With pictures left out, set down exactly the lines that begin at the one containing "Starting from image 1: 0.9 s later." and end with the last line of the entries below.

Top of Records shown

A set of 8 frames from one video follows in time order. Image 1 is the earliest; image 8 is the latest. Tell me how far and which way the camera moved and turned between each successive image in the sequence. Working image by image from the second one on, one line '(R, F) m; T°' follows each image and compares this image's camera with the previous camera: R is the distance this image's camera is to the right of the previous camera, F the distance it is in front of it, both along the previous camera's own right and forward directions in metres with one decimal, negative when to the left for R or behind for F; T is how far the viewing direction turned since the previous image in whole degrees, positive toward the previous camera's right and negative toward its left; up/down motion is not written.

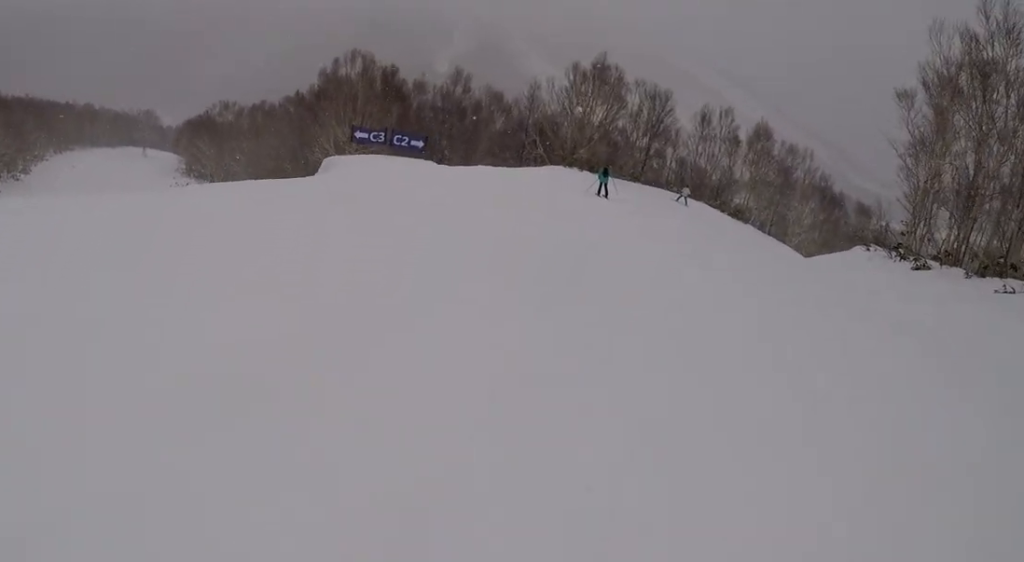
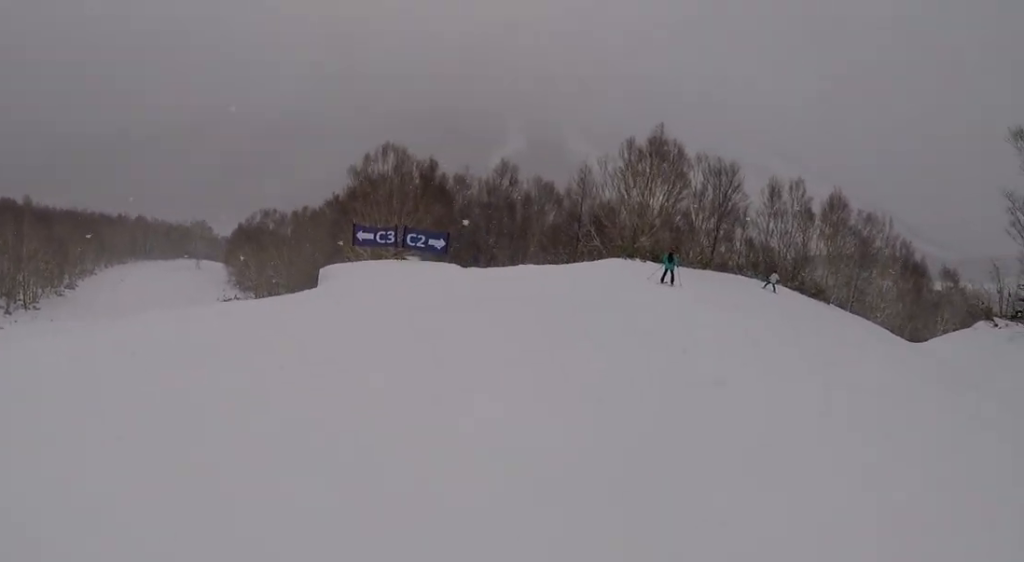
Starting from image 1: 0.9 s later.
(-0.3, +6.3) m; -4°
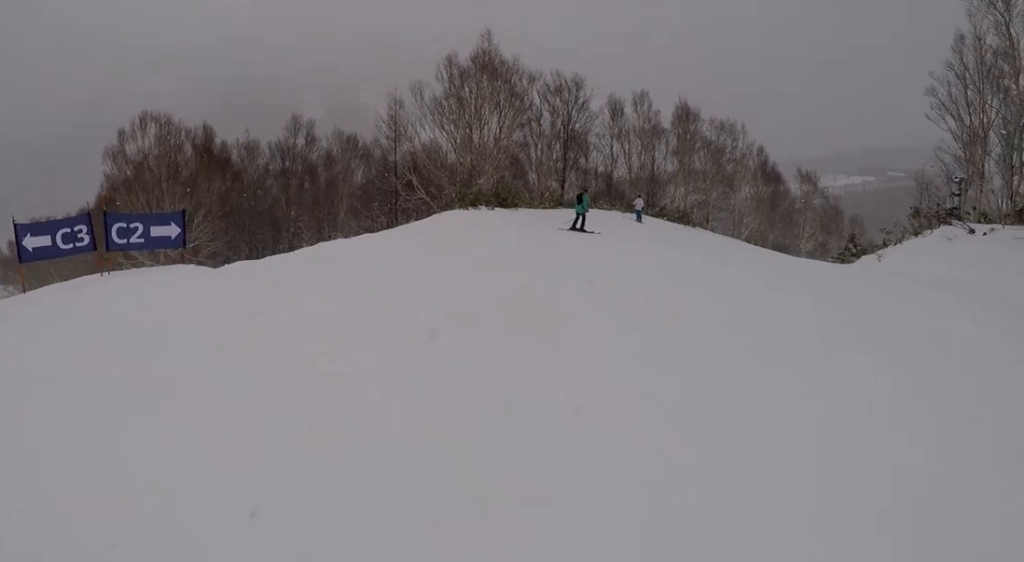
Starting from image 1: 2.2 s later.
(+0.7, +8.3) m; +13°
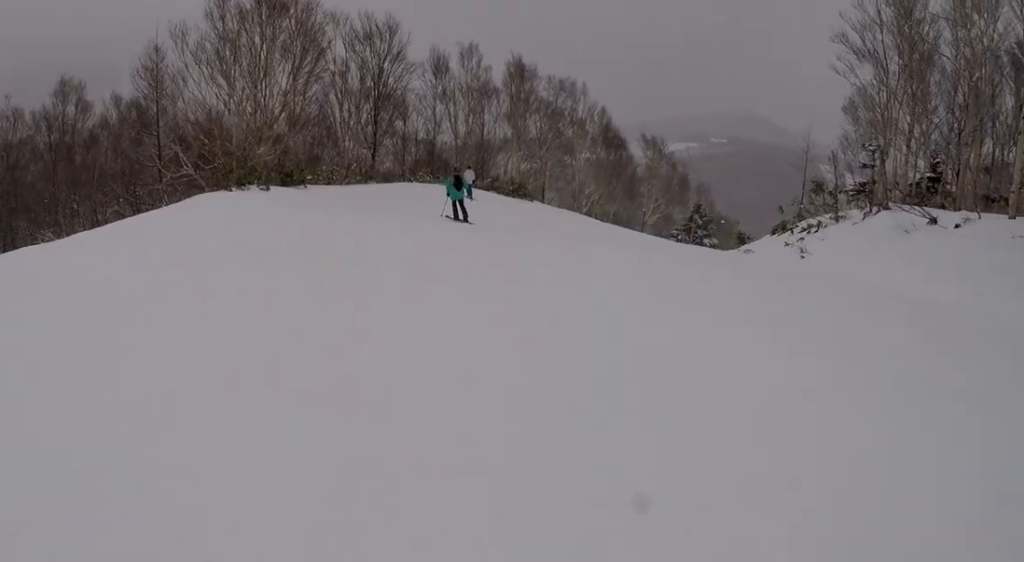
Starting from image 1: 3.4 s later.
(+0.3, +7.4) m; +4°
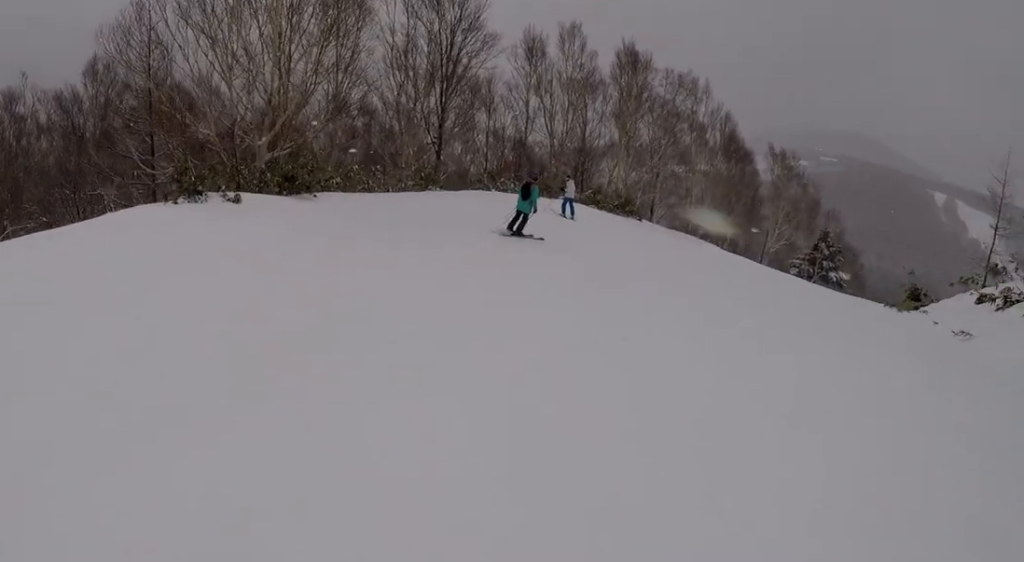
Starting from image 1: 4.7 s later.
(+0.7, +7.5) m; 0°
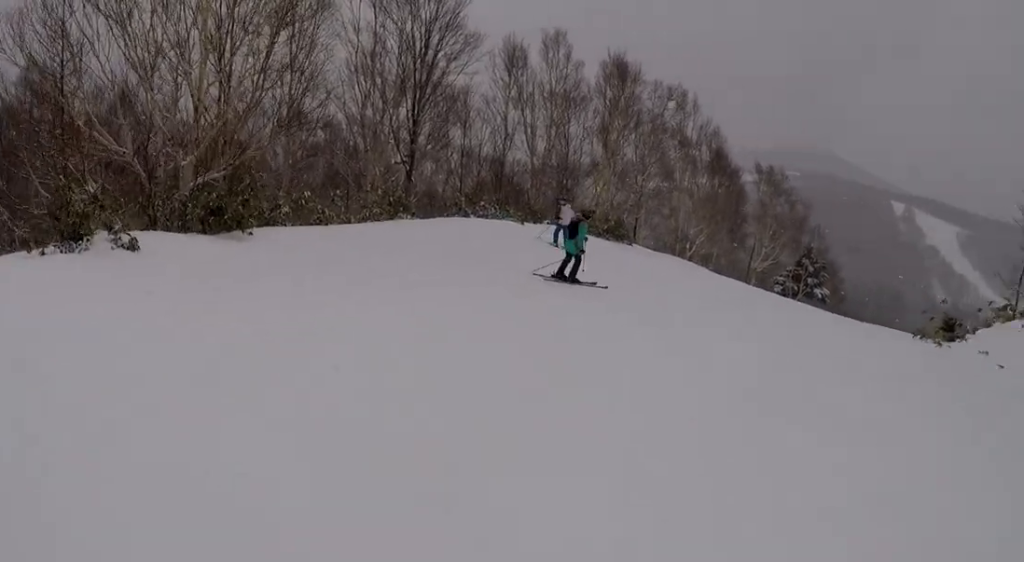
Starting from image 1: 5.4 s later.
(-0.8, +3.4) m; +8°
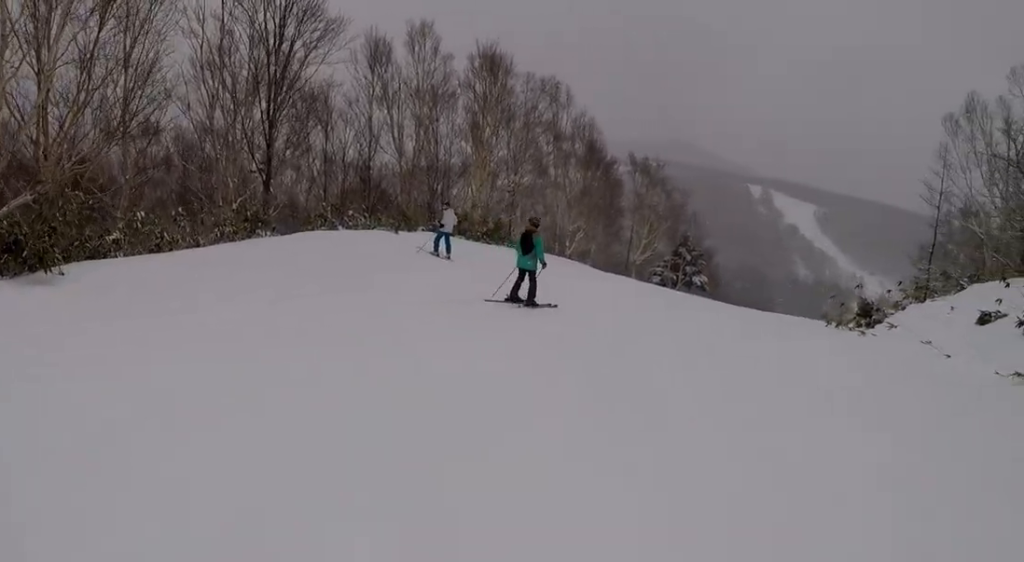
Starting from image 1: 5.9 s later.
(+0.1, +2.2) m; +10°
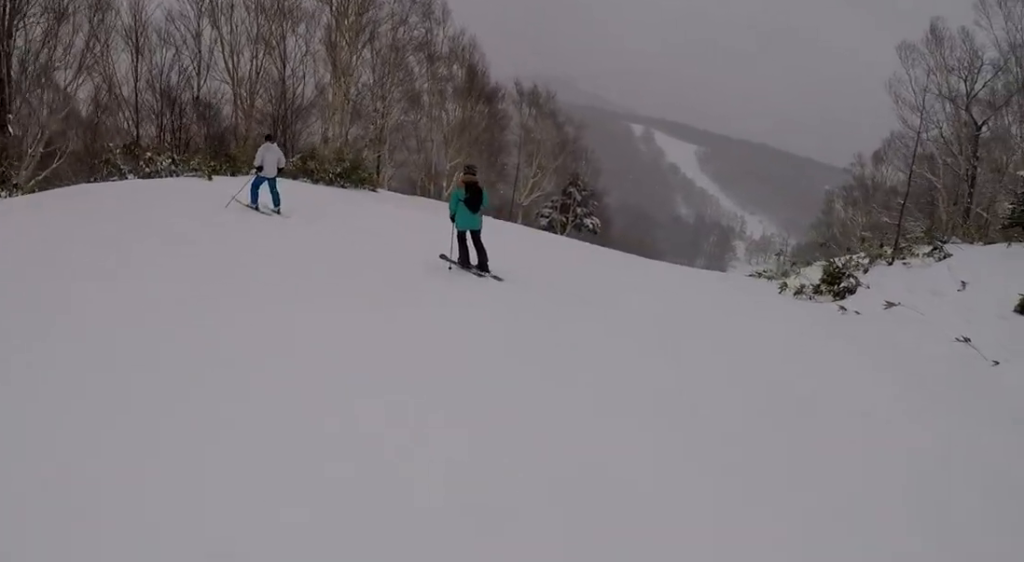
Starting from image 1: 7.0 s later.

Bottom of Records shown

### Answer below:
Starting from image 1: 0.9 s later.
(-0.3, +6.3) m; -4°
Starting from image 1: 2.2 s later.
(+0.7, +8.3) m; +13°
Starting from image 1: 3.4 s later.
(+0.3, +7.4) m; +4°
Starting from image 1: 4.7 s later.
(+0.7, +7.5) m; 0°
Starting from image 1: 5.4 s later.
(-0.8, +3.4) m; +8°
Starting from image 1: 5.9 s later.
(+0.1, +2.2) m; +10°
Starting from image 1: 7.0 s later.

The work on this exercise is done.